[Data items]
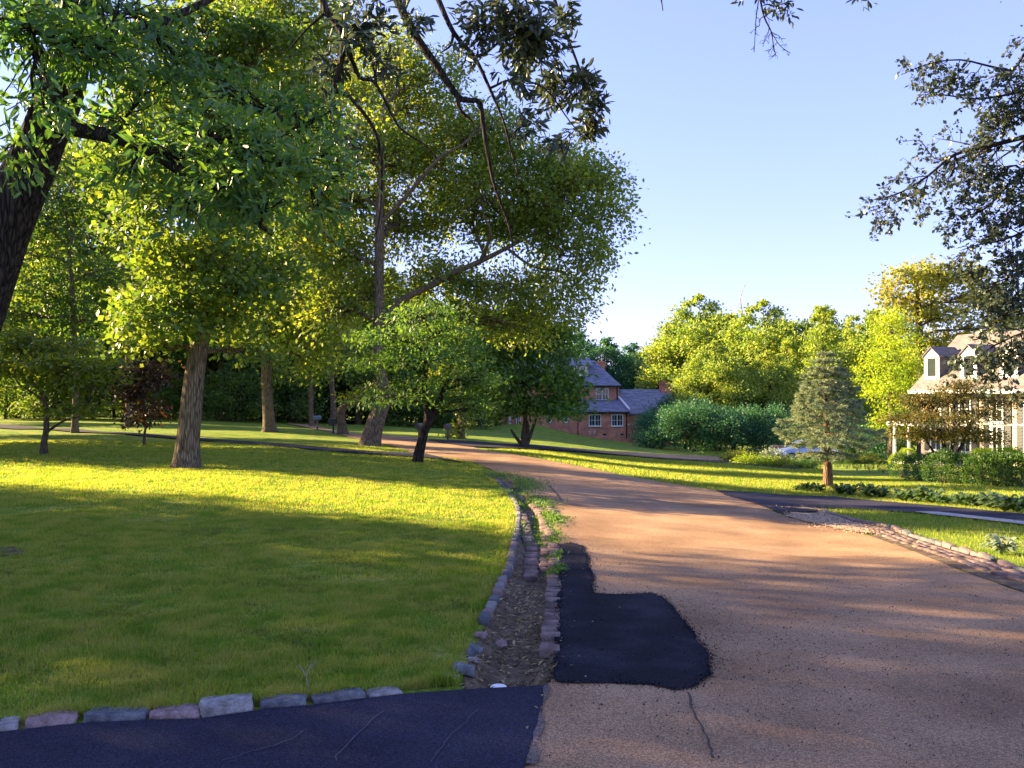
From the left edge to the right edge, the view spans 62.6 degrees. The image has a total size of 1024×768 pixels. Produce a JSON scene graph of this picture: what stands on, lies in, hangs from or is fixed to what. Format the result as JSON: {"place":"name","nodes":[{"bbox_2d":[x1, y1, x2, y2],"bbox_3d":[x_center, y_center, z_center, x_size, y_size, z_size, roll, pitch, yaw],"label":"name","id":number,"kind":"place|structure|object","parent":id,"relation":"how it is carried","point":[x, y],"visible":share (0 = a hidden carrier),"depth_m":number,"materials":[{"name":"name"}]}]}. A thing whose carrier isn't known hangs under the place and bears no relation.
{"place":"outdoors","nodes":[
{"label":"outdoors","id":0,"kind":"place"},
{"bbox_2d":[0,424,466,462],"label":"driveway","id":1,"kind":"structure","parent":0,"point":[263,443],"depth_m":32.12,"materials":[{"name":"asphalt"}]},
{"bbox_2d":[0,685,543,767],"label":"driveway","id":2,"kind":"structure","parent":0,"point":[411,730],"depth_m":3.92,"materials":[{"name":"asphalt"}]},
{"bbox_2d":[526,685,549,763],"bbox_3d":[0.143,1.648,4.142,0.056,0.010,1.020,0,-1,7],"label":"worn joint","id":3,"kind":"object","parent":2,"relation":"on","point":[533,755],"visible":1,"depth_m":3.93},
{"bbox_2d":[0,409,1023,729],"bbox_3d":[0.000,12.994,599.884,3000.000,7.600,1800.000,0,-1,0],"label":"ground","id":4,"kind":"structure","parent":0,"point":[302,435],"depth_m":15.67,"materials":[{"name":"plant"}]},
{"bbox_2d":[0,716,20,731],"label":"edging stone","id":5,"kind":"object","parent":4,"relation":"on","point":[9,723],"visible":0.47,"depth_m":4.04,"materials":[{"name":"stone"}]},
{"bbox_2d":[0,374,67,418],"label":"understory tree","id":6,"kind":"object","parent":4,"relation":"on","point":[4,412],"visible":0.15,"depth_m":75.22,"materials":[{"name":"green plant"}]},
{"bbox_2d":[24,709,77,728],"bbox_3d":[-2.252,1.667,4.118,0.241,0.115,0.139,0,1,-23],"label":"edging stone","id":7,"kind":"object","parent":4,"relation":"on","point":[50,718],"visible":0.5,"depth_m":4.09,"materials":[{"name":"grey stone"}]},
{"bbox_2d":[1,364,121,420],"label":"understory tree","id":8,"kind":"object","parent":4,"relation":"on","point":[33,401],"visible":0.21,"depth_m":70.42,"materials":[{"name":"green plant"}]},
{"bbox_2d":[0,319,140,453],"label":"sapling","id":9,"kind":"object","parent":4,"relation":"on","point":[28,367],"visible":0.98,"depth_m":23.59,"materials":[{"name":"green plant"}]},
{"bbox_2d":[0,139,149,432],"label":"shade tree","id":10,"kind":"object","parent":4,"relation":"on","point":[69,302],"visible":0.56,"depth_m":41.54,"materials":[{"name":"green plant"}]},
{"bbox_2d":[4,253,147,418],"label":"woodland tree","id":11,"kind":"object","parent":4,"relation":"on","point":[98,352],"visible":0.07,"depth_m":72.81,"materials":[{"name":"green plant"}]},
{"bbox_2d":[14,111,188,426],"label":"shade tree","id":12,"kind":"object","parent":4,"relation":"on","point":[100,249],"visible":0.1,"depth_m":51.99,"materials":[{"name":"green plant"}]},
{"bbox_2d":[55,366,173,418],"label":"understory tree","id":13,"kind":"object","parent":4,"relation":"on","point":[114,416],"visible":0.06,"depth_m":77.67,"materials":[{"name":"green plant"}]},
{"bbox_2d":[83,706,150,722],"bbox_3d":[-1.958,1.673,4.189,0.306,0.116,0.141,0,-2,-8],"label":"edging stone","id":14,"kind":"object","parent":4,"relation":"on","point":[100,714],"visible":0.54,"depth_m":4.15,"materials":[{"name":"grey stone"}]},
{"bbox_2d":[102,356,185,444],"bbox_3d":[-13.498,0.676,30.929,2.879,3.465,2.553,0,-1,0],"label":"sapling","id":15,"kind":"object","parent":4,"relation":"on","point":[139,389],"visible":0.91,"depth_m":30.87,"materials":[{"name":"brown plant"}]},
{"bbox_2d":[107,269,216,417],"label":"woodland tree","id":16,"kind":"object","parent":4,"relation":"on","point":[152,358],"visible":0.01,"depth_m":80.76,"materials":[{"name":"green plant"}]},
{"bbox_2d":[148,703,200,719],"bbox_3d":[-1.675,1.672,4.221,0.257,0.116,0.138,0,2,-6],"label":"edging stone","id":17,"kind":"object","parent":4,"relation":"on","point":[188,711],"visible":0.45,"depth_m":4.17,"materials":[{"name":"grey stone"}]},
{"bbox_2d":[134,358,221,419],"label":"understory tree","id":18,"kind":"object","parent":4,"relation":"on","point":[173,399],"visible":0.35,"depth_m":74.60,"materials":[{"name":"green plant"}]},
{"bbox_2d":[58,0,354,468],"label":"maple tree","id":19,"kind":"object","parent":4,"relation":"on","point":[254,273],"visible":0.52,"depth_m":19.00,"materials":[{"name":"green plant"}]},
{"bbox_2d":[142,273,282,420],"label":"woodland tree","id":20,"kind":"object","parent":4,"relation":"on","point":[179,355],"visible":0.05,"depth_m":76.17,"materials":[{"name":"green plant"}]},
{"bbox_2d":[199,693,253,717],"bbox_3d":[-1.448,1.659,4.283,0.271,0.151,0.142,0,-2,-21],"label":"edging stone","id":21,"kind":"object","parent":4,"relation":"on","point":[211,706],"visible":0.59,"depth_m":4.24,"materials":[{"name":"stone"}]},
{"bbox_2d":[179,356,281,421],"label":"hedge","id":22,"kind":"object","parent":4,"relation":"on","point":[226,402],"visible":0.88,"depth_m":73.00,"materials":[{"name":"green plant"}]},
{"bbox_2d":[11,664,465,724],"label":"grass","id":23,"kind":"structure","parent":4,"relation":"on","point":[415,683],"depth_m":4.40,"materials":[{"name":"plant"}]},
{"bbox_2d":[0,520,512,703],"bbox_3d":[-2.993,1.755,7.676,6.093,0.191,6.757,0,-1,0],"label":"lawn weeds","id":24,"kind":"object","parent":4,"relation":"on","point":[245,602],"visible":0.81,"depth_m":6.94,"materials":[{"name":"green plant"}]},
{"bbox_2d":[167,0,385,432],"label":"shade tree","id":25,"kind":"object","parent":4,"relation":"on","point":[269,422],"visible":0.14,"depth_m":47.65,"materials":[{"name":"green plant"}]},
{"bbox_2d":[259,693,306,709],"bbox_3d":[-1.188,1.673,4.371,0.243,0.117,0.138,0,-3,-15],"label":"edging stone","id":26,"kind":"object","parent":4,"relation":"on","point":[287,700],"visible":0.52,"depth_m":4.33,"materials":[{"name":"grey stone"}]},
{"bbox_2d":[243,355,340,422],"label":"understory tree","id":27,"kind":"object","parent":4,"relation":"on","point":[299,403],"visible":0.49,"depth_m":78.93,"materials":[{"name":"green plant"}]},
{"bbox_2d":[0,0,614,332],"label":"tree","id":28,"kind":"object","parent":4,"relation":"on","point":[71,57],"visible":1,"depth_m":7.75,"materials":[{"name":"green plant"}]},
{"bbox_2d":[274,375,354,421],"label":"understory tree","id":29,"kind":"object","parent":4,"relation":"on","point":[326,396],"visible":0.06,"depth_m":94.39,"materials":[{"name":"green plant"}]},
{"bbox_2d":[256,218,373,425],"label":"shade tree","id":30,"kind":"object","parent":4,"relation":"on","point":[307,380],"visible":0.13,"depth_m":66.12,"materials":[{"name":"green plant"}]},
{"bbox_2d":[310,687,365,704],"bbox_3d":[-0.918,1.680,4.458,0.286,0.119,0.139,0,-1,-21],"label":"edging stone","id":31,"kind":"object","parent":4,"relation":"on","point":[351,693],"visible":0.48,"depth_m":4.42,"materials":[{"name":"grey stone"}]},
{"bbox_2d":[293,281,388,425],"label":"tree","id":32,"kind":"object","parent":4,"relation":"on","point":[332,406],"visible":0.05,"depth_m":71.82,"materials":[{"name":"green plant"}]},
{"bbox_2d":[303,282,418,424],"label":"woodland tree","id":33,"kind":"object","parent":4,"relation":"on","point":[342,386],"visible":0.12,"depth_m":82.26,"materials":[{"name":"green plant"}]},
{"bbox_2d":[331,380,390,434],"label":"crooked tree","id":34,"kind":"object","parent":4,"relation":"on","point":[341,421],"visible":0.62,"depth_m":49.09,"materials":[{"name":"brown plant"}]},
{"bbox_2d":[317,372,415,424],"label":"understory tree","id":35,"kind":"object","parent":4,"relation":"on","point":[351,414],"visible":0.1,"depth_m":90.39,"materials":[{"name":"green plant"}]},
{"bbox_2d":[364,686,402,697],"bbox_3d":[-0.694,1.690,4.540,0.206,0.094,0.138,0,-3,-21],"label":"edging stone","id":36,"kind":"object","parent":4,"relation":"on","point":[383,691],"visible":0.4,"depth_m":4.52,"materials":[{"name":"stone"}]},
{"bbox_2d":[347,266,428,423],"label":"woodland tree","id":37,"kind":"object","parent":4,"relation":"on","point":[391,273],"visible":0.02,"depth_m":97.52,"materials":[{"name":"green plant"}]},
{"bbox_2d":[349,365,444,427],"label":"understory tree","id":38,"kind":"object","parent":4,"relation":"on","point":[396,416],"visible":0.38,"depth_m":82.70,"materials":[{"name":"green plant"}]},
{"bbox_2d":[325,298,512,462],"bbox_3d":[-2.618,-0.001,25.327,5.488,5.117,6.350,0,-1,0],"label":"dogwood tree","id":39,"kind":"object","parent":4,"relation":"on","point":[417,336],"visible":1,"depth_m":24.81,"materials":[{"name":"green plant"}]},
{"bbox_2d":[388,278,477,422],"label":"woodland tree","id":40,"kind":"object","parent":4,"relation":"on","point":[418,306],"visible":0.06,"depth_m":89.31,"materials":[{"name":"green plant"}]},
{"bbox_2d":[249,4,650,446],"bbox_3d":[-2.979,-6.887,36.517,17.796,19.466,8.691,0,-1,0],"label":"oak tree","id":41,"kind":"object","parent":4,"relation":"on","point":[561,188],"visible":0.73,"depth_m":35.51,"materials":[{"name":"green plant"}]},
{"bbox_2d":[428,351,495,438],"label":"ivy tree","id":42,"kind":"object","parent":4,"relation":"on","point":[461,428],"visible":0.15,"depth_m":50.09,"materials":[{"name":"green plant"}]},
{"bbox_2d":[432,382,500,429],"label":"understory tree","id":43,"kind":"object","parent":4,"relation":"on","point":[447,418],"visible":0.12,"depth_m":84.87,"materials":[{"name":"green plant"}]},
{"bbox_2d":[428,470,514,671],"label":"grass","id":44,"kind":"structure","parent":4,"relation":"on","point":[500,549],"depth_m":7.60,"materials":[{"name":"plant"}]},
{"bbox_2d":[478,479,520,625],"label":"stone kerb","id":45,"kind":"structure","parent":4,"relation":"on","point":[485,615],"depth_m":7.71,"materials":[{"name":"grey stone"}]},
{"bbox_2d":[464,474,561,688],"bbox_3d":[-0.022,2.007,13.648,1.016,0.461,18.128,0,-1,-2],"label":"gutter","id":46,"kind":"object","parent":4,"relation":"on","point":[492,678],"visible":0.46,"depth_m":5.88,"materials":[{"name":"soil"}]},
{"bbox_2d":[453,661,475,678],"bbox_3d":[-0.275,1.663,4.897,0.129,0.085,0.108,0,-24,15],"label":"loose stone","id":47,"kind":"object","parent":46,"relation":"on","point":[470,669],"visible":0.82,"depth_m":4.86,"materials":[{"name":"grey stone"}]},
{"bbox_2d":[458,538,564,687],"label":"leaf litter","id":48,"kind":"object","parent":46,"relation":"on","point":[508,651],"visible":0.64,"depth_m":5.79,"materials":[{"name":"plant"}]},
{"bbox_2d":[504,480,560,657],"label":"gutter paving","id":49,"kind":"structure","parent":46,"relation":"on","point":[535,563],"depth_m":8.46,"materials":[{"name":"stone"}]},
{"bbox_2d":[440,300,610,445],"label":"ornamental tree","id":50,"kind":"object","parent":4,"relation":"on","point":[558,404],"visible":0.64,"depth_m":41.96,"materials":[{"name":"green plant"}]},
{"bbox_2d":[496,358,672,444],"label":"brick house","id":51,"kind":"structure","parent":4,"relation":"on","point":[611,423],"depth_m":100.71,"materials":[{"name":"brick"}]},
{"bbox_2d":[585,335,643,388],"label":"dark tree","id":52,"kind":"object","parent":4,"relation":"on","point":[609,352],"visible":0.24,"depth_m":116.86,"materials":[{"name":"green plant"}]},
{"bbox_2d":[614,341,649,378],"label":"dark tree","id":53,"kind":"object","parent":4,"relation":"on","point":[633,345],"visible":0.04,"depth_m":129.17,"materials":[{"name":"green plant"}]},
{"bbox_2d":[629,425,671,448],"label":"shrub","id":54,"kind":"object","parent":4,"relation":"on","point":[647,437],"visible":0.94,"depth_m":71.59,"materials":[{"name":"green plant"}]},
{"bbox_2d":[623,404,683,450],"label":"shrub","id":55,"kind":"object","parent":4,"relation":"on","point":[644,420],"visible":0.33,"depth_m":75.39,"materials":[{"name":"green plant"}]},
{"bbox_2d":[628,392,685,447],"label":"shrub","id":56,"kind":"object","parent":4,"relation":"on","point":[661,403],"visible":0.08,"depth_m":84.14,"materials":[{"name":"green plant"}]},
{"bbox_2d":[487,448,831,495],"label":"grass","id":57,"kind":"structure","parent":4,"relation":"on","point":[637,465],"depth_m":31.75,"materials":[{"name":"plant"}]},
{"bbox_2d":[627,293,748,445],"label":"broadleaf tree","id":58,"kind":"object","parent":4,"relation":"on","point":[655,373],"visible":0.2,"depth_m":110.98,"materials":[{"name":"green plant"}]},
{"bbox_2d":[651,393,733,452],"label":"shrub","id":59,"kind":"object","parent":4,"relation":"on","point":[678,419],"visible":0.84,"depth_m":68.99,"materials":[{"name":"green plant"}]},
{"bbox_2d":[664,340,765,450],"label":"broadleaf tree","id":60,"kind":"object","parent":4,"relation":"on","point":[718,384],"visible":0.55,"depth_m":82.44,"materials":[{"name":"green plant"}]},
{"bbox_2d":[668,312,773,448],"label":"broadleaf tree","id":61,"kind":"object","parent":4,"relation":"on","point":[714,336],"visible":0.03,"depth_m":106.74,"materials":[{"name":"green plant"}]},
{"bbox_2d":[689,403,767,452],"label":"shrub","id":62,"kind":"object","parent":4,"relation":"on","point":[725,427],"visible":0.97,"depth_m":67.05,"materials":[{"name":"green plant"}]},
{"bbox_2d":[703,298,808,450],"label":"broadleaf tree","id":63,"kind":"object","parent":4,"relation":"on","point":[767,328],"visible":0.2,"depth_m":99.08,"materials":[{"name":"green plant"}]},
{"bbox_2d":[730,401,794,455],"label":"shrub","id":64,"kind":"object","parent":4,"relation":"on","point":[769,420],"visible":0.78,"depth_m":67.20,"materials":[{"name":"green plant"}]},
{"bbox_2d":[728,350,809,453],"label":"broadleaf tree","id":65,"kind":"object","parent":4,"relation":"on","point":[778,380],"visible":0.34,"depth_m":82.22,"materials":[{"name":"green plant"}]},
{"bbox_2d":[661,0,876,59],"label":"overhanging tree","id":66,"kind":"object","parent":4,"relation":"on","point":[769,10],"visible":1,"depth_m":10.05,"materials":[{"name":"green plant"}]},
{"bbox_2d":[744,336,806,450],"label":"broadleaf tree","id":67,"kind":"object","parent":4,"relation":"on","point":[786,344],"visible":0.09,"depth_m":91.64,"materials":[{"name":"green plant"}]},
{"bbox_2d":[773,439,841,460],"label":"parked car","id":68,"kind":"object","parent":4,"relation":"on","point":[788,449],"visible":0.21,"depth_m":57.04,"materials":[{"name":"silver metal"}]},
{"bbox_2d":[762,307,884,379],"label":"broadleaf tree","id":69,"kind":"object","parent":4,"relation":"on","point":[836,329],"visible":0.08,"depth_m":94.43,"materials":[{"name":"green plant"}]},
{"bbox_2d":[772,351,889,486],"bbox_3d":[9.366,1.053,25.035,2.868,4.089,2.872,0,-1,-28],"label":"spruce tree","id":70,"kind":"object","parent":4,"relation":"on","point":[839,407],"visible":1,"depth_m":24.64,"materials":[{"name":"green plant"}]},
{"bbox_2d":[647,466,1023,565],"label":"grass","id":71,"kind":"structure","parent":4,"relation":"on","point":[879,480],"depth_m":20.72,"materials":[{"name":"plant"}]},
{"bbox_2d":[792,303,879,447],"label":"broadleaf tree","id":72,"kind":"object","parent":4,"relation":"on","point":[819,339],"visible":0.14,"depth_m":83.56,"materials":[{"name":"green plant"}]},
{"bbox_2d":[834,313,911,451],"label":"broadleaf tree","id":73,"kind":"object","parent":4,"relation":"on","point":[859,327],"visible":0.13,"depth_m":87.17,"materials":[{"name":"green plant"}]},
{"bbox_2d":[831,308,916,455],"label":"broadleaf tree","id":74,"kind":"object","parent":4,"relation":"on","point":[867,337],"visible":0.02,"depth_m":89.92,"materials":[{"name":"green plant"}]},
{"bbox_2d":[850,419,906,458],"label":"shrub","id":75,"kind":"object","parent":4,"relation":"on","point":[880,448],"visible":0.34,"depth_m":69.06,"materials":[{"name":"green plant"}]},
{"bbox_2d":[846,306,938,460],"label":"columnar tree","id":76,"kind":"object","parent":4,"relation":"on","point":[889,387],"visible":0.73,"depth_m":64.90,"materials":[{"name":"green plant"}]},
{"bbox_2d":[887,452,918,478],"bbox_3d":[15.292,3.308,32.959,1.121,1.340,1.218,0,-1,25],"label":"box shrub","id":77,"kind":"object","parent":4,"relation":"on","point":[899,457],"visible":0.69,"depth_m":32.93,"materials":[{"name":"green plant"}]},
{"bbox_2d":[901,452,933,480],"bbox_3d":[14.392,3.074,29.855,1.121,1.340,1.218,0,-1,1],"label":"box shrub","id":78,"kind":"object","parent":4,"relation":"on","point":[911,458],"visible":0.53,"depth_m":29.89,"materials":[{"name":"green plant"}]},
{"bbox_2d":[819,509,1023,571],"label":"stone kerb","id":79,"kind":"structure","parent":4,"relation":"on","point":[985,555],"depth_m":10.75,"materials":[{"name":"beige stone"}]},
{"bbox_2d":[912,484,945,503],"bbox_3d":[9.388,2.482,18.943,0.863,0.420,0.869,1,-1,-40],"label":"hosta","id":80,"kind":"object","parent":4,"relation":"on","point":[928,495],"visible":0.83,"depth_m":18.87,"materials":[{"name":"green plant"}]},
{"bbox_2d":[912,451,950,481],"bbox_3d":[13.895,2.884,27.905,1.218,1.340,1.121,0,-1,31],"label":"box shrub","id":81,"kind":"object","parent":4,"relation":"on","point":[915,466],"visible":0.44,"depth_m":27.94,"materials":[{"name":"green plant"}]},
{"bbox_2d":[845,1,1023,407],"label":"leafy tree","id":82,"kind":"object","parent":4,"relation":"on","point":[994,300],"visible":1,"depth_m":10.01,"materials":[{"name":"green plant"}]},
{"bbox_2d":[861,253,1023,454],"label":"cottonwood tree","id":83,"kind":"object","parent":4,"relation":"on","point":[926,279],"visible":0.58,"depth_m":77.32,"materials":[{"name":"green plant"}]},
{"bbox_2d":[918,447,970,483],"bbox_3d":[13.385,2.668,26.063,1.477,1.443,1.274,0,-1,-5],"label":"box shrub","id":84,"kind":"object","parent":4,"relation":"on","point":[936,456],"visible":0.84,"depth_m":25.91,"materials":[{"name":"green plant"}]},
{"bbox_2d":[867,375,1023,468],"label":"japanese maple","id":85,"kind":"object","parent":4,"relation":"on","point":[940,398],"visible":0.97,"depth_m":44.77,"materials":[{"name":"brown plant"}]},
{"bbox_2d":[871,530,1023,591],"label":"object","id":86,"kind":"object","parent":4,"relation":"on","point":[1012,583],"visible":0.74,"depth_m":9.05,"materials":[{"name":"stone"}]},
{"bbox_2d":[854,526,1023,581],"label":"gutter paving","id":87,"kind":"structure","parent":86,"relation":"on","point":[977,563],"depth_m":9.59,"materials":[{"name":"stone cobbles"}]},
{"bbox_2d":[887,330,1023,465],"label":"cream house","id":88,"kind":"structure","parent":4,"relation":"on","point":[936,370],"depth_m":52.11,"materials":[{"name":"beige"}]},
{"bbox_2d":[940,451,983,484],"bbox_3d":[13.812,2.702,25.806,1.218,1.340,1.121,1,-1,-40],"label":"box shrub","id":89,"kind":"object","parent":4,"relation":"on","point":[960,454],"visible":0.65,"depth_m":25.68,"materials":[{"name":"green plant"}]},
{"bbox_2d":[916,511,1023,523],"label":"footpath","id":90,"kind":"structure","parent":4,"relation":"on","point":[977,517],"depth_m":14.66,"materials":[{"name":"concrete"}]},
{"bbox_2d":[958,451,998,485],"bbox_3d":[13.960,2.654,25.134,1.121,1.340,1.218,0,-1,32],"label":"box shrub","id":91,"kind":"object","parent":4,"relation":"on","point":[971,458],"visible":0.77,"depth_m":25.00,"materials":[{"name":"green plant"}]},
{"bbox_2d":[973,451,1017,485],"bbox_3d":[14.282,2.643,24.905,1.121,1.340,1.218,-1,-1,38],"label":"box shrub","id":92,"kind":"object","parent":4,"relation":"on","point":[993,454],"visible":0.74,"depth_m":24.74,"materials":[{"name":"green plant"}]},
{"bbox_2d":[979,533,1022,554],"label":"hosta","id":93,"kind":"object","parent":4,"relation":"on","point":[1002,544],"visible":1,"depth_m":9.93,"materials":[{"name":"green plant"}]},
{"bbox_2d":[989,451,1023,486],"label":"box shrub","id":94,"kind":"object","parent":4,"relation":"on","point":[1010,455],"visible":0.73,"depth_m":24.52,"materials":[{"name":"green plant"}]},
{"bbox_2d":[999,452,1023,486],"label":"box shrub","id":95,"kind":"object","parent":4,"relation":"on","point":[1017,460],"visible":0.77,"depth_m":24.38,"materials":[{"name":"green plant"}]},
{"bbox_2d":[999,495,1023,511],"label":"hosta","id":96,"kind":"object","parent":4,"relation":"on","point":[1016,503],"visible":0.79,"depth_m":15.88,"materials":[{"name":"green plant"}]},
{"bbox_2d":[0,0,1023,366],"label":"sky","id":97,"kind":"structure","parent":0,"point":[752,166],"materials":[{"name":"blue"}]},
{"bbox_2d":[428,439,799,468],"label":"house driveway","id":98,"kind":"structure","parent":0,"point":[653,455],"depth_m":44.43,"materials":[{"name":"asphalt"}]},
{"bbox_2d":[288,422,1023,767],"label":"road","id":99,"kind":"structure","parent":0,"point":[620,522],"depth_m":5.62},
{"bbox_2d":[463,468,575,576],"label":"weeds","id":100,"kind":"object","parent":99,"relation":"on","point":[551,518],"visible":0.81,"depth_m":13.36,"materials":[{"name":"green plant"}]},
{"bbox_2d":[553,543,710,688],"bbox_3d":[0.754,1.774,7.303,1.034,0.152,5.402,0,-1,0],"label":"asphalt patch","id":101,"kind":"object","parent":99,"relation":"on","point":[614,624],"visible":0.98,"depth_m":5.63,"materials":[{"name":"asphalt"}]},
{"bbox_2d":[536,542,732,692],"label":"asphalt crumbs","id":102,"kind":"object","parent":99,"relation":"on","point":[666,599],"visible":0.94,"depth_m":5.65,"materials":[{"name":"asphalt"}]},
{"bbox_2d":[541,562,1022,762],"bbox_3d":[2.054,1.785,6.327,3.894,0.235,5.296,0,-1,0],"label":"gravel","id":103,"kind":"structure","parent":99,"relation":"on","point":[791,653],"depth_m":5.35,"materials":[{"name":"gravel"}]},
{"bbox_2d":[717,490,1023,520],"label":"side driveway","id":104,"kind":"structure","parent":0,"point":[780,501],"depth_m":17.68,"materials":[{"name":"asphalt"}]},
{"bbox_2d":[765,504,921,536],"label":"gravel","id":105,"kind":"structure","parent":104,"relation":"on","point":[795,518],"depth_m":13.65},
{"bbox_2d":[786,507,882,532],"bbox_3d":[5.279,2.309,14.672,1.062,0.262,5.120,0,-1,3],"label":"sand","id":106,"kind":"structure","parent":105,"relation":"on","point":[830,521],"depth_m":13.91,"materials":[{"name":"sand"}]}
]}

(TASK TO COMPLETE):
Copy each line of the data that contains the word "gutter", leaving the other lines out.

(EXERCISE ANSWER):
{"bbox_2d":[464,474,561,688],"bbox_3d":[-0.022,2.007,13.648,1.016,0.461,18.128,0,-1,-2],"label":"gutter","id":46,"kind":"object","parent":4,"relation":"on","point":[492,678],"visible":0.46,"depth_m":5.88,"materials":[{"name":"soil"}]},
{"bbox_2d":[504,480,560,657],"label":"gutter paving","id":49,"kind":"structure","parent":46,"relation":"on","point":[535,563],"depth_m":8.46,"materials":[{"name":"stone"}]},
{"bbox_2d":[854,526,1023,581],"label":"gutter paving","id":87,"kind":"structure","parent":86,"relation":"on","point":[977,563],"depth_m":9.59,"materials":[{"name":"stone cobbles"}]},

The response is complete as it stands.